16th-century Finnish clergyman and the official founder of literary Finnish

Mikael Agricola (/fi/; c. 1510 – 9 April 1557) was a Finnish Lutheran clergyman who became the de facto founder of literary Finnish and a prominent proponent of the Protestant Reformation in Sweden, including Finland, which was a Swedish territory at the time. He is often called the "father of literary Finnish".

Agricola was consecrated as the bishop of Turku (Åbo) in 1554, without papal approval. He continued the reform of the Finnish church (then a part of the Church of Sweden) along Lutheran lines. He translated the New Testament into Finnish and also produced the prayer book and hymns used in Finland's new Lutheran Church. This work set the rules of orthography that are the basis of modern Finnish spelling. His thorough work is particularly remarkable in that he accomplished it in only three years.

He died of sudden illness while returning from a trip during which he assisted in negotiating the Treaty of Novgorod with the Tsardom of Russia.

==Biography==

===Early life===
Michael Olaui or Mikael Olofsson (Finnish Mikael Olavinpoika) was born in c. 1510 in the village of Torsby in Pernå (Pernaja), Nyland (Uusimaa), in what now is part of Finland but then was part of Sweden. He was named after the patron saint of Pernå's church. The exact date of his birth, like most details of his life, is unknown. His family was a quite wealthy gentry family according to the local bailiff's accounting. He had three sisters, but their names are not known. His teachers apparently recognized his aptitude for languages and his rector Bartholomeus sent him to Viborg (Fi. Viipuri; now Vyborg, Russia) for Latin school and some priestly training, where he attended the school of Erasmus. It is not known whether his first language was Finnish or Swedish; Pernå was mostly a Swedish-speaking district, but the language he used in his works indicates that he was a native speaker of Finnish.

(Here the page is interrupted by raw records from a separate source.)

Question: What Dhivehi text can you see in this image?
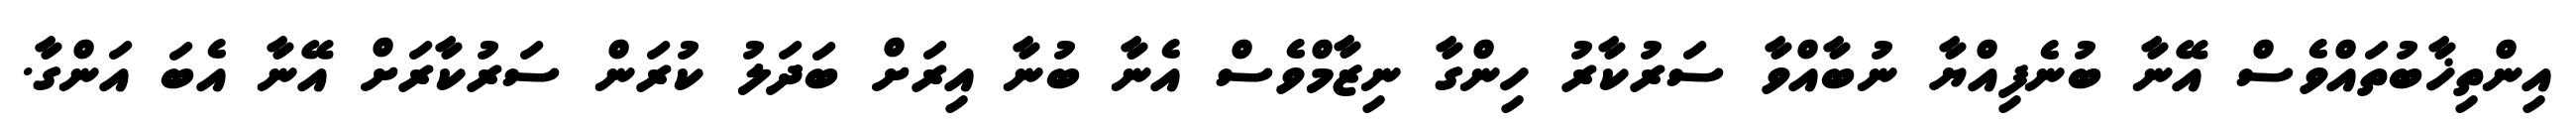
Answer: އިންތިޚާބުތައްވެސް އޭނާ ބުނެފިއްޔާ ނުބާއްވާ ސަރުކާރު ހިންގާ ނިޒާމްވެސް އެނާ ބުނާ އިރަށް ބަދަލު ކުރަން ސަރުކާރަށް އޭނާ އެބަ އަންގާ.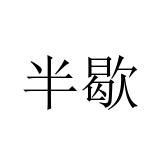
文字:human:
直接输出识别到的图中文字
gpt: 半歇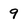
Character: 9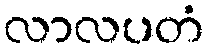
လာလပတံ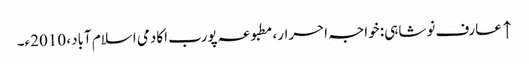
↑ عارف نوشاہی: خواجہ احرار، مطبوعہ پورب اکادمی اسلام آباد، 2010ء۔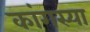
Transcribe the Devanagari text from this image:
कांगस्या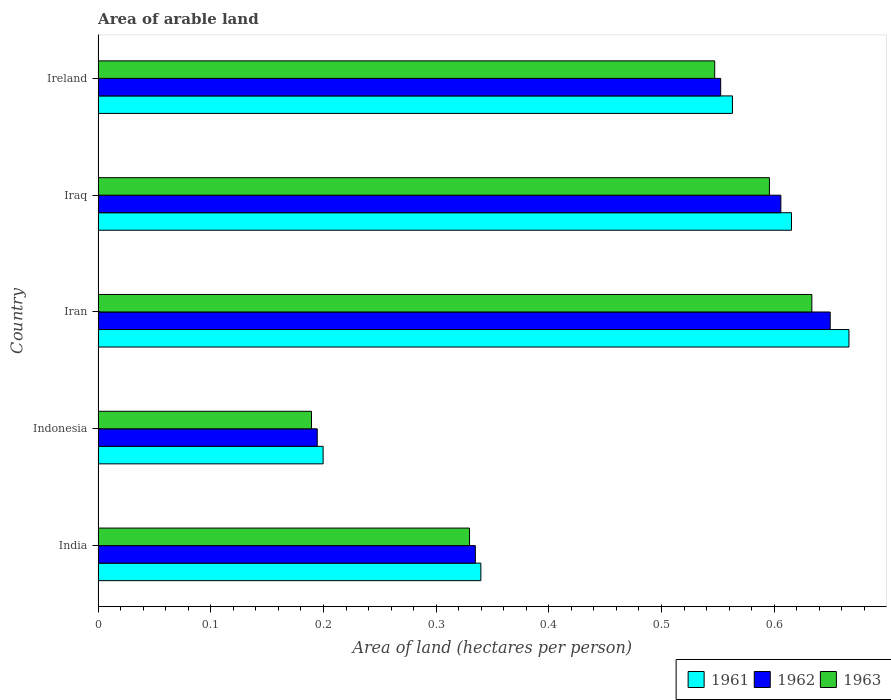
| Country | 1961 | 1962 | 1963 |
 | --- | --- | --- | --- |
 | India | 0.34 | 0.335 | 0.33 |
 | Indonesia | 0.2 | 0.194 | 0.189 |
 | Iran | 0.666 | 0.65 | 0.633 |
 | Iraq | 0.615 | 0.606 | 0.596 |
 | Ireland | 0.563 | 0.553 | 0.547 |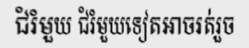
ជំរំមួយ ជំរំមួយទៀតអាចរត់រួច

However, he mastered both languages like a native speaker and was possibly a bilingual child.

===Studies===
When Michael studied in Viborg (Viipuri) he assumed the surname Agricola ("farmer" gv. "agriculture"); surnames based on one's father's status and occupation were common for first-generation scholars at the time. It was probably in Viipuri where he first came in touch with the Reformation and Humanism. The Viipuri castle was ruled by a German count, Johann, who had served the king of Sweden, Gustav Vasa. The count was a supporter of the Reformation, and they already held Lutheran services.

In 1528 Agricola followed his teacher to Turku (Åbo), then the center of the Finnish side of the Swedish realm and the capital of the bishopric. There Agricola became a scribe in bishop Martinus Skytte's office. While in Turku Agricola met Martin Luther's first Finnish student Petrus Särkilahti, who eagerly spread the idea of the Reformation. Särkilahti died in 1529, and it was up to Agricola to continue Särkilahti's work. Agricola was ordained for priesthood sometime in the early 1530s.

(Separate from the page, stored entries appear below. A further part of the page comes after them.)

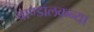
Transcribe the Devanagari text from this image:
चाण्डालकन्या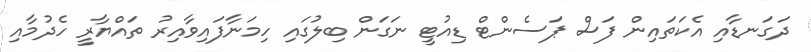
ދަގަނޑާއި އެކަތައިން ފަސް ޕަސެންޓް ޑިއުޓީ ނަގަން ބިލުގައި ހިމަނާފައިވާއިރު ތައްޔާރީ ހެދުމާއި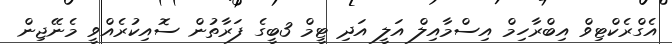
އެގްރެކްޓިވް އިބްރާހިމް އިސްމާއިލް އަލީ އަދި ޓީމް 3ބީގެ ފަރާތުން ސޮއިކުރެއްވީ މެނޭޖިން
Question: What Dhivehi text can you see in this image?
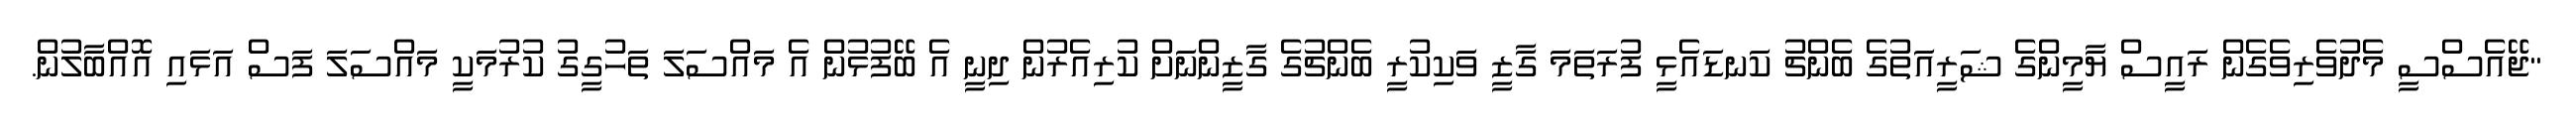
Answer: "ޖޭއެސްސީ މެދުވެރިވެގެން ރައީސް ޔާމީންގެ ޝަރީއަތުގެ ބެންޗު ކަނޑައެޅީ ފުރަތަމަ ގާޒީ ވަކިކުރީ ބެންޗުގެ ގާޒީންނަށް ކުރިއެރުން ދިނީ އެ ބޭފުޅުން އެ މައްސަލަ ތަހުގީގު ކުރުމަކީ މައްސަލަ ފަސް އަޅައި އޮއްބާލުން.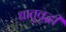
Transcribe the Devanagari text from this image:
धातुवृद्धी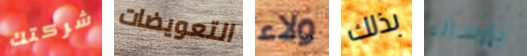
شركتك التعويضات ولاء بذلك بإرساله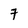
Character: 7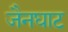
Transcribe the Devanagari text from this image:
जैनघाट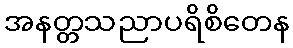
အနတ္တသညာပရိစိတေန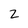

In 1536 the bishop of Turku sent Agricola to study in Wittenberg in Germany. He concentrated on the lectures of Philipp Melanchthon, who was an expert in Greek. In Wittenberg Agricola studied under Luther. Agricola got recommendations to Swedish King Gustav Vasa from both of the reformers. He sent two letters to Gustav, asking for a confirmation for a stipend. When the confirmation came, Agricola bought books (for example, the complete works of Aristotle). In 1537 he started translating the New Testament into Finnish.

===Rector and ordinarius===
In 1539 Agricola returned to Turku and ended up as the rector of Turku (Cathedral) School. He did not like his job, calling his students "untamed animals". At the time Gustav Vasa had confiscated the property of the church when he was consolidating his power but he also drove the Reformation. In 1544 Agricola received an order from the crown to send several talented young men to Stockholm's taxing offices. For some reason, Agricola did not obey until the order was sent again the next year, with a more menacing tone. This episode probably affected their relations negatively.

In 1546 Agricola lost his home and school in the Fire of Turku. On 22 February 1548, Gustav Vasa ordered Agricola to retire from his position as a rector. At this time Agricola was already married, but history knows his wife only by her name: Pirjo Olavintytär (Bridget, "daughter of Olavi"; Birgitta Olafsdotter, Brigida Olaui). His only son, Christian Agricola (Christianus Michaelis Agricola), was born 11 December 1550, and became the bishop of Tallinn in 1584.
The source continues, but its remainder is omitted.